The Green Building Council of Australia (GBCA) is pushing to eliminate natural gas in buildings with the biggest overhaul of its Green Star rating system in 18 years.
Launched today, as the first of the new suite of Green Star Future Focus tools, Green Star Buildings sets a clear new requirement that buildings must be net-zero – fully electric, fossil fuel free and 100 per cent powered by renewables – to achieve the highest possible 6 Star rating.
GBCA CEO Davina Rooney says the release of Green Star Buildings marks the start of a new era that will drive the transformation of buildings to net-zero at scale.
“While we currently have a lot of ‘nearly net-zero’ buildings in Australia, there are only a handful of genuine net-zero buildings. Green Star Buildings has been designed with industry and government to ensure net-zero becomes the norm,” Rooney says.
“There is overwhelming support from industry to eliminate carbon emissions from buildings and construction to meet our obligations under the Paris Agreement, prevent assets becoming stranded and, ultimately, put a stop to unsustainable changes to our climate.

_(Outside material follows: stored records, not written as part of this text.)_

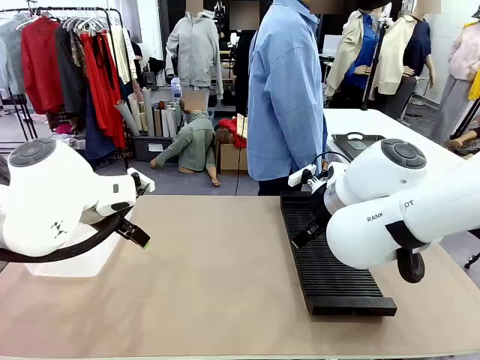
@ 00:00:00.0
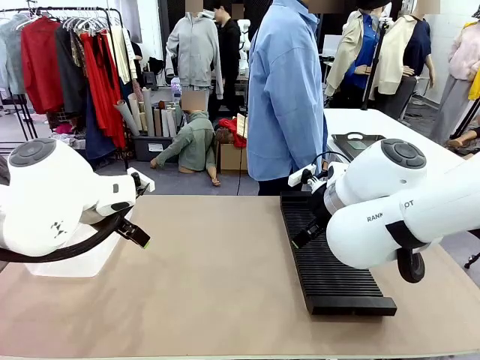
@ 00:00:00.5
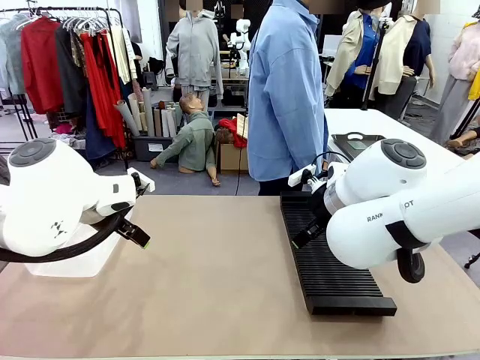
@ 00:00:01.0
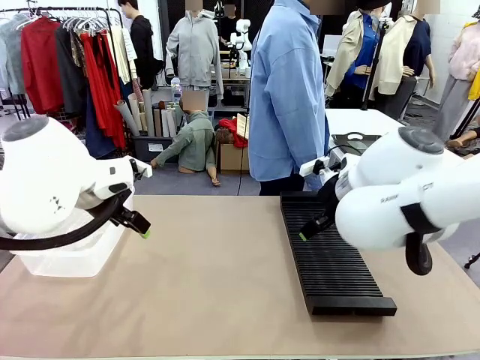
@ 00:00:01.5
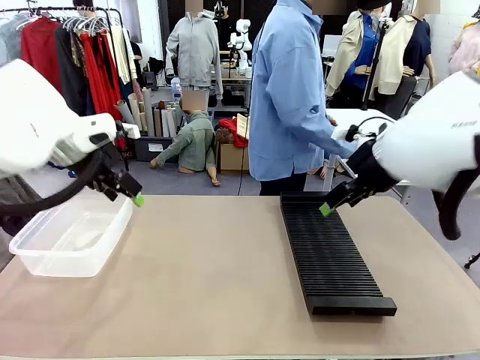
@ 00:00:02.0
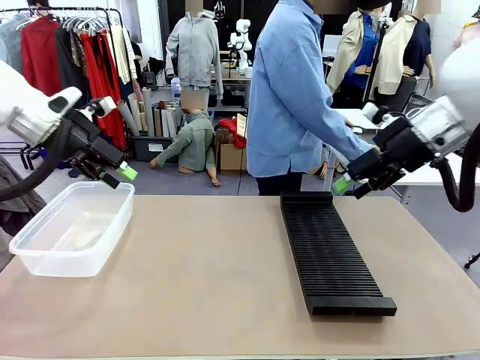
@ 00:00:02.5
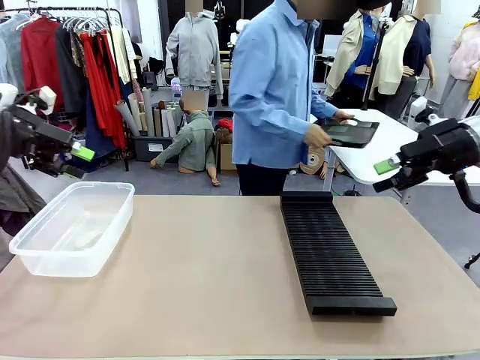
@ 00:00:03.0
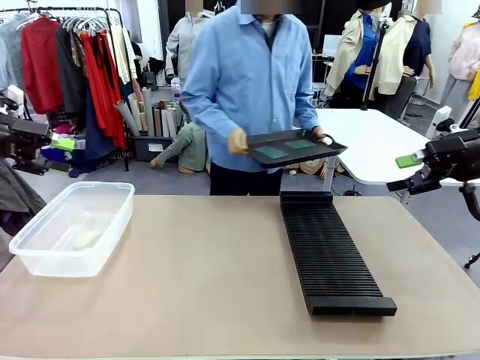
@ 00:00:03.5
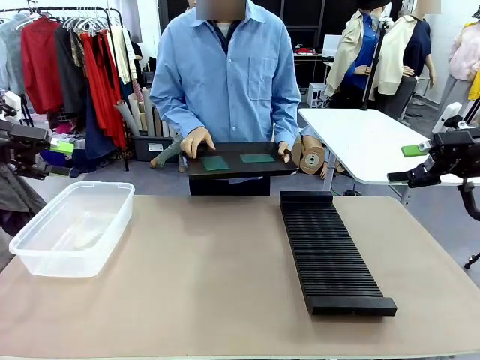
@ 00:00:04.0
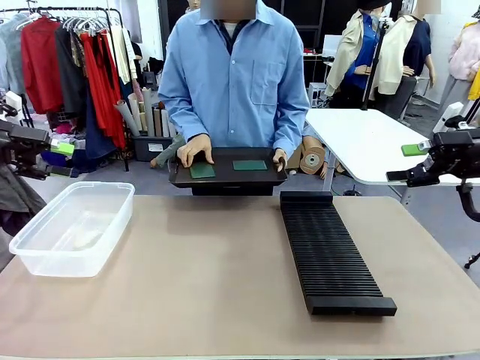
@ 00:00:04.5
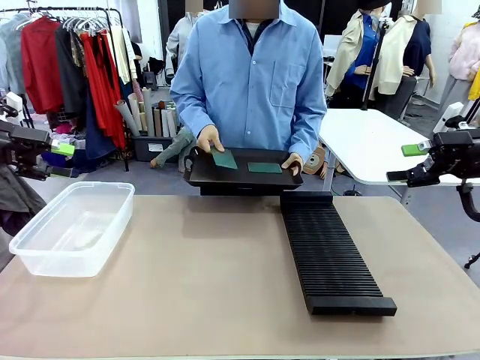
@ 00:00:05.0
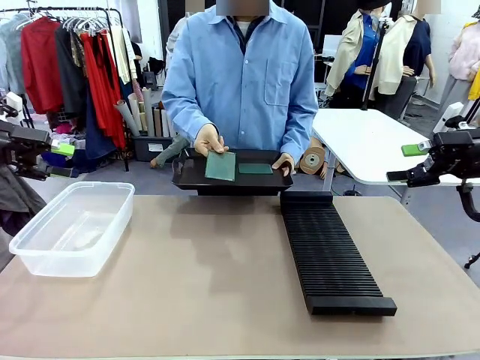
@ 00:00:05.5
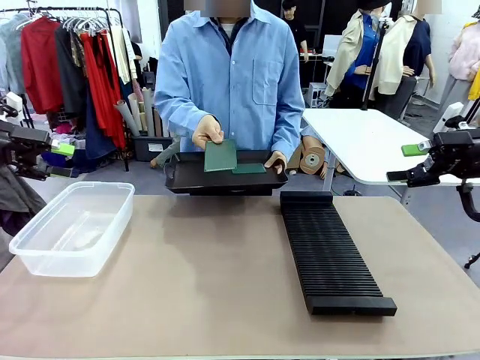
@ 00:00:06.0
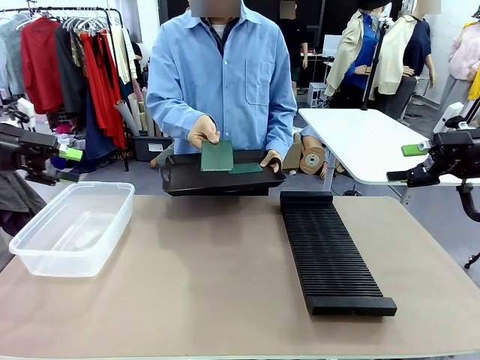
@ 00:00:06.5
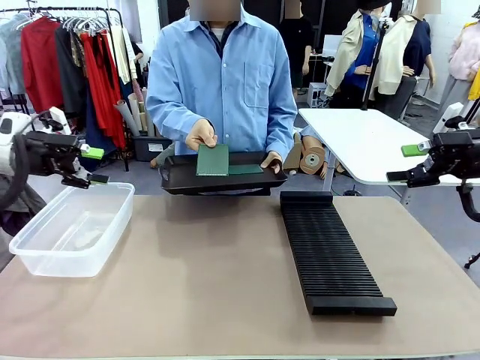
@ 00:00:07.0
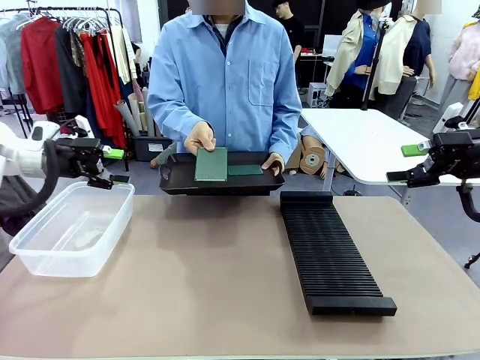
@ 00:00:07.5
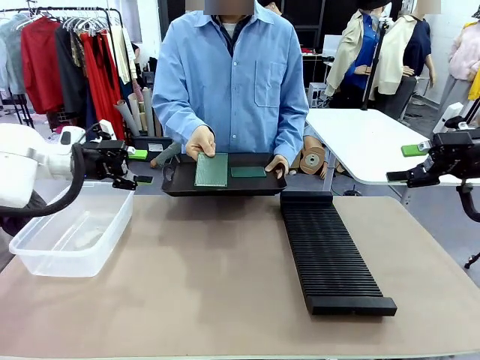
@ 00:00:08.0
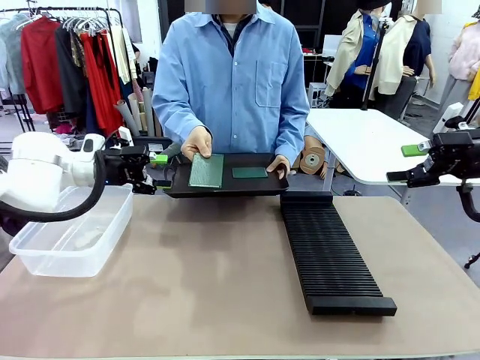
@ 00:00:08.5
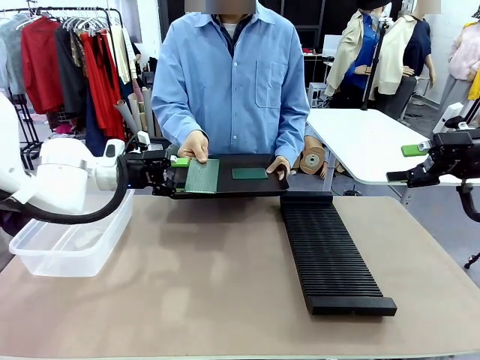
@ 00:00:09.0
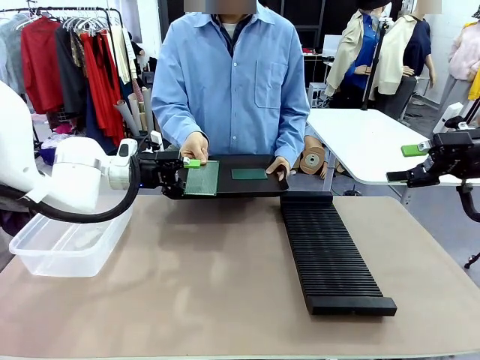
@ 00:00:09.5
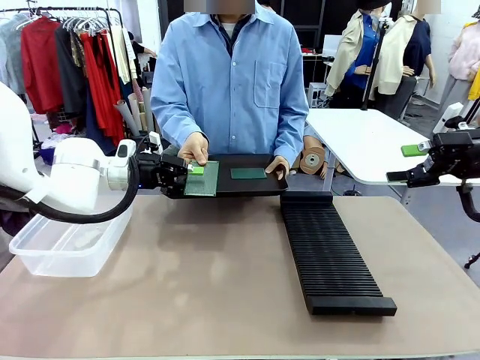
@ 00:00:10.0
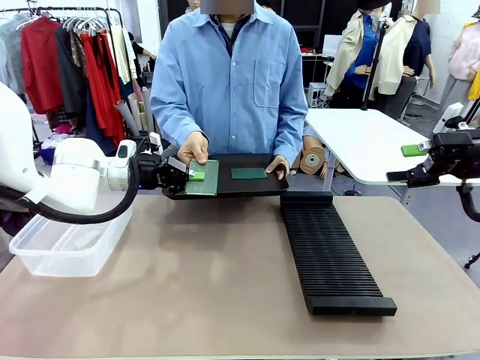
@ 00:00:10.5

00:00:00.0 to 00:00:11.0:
Task: Sort PCBs into racks and boxes based on the side picked up.
Robot: Pick up the Blank PCB handed by the Human.
Person: Pick one PCB from the tray and present it to the robot. Release the PCB being held.

“Climate change is a global challenge that manifests itself in very local ways. The bushfires and coronavirus pandemic have shown us that our buildings need to be more resilient to changes in climate and more focused on the health of people.
“Green Star Buildings responds to these challenges in very practical ways introducing, for example, a new filtration requirement to help clean the air that we breathe and reduce the risk of disease spreading.
“It is a timely and necessary response to a rapidly evolving risk environment. Certification under the new tool will set projects apart, enhancing their enduring value through increased resilience.”
Green Star Buildings has been developed throughout an in-depth two-year consultation period and will be supported by the launch of an online Green Star portal in the first quarter of 2021.
The GBCA says that the fresh approach to Green Star translates industry’s ambition into a much higher standard for action geared towards delivering highly efficient buildings, powered by renewables and designed for the future.
Prominent projects across Australia have been given early access to Green Star Buildings to test how it will work in a range of different buildings – and Rooney says the results have been very promising.
“Our early access partners have proven that Green Star Buildings can be applied to any type of building – from offices and industrial facilities to aquatic centres and university precincts,” Rooney says.
Projects include Darebin City Council’s plans for the Northcote Aquatic and Recreation Centre in Melbourne, a banana ripening facility, and Charter Hall’s new temperature-controlled logistics hub. Atlassian has also signed on to use Green Star Buildings for its flagship new Sydney headquarters.
“Green Star Buildings is a tool for our time,” says Susan Lloyd-Hurwitz, GBCA Chair, CEO of Mirvac. “It encourages bold action to eliminate emissions and responds to the needs of building developers, owners, tenants and investors alike who no longer want just a great building, they want a great green building.”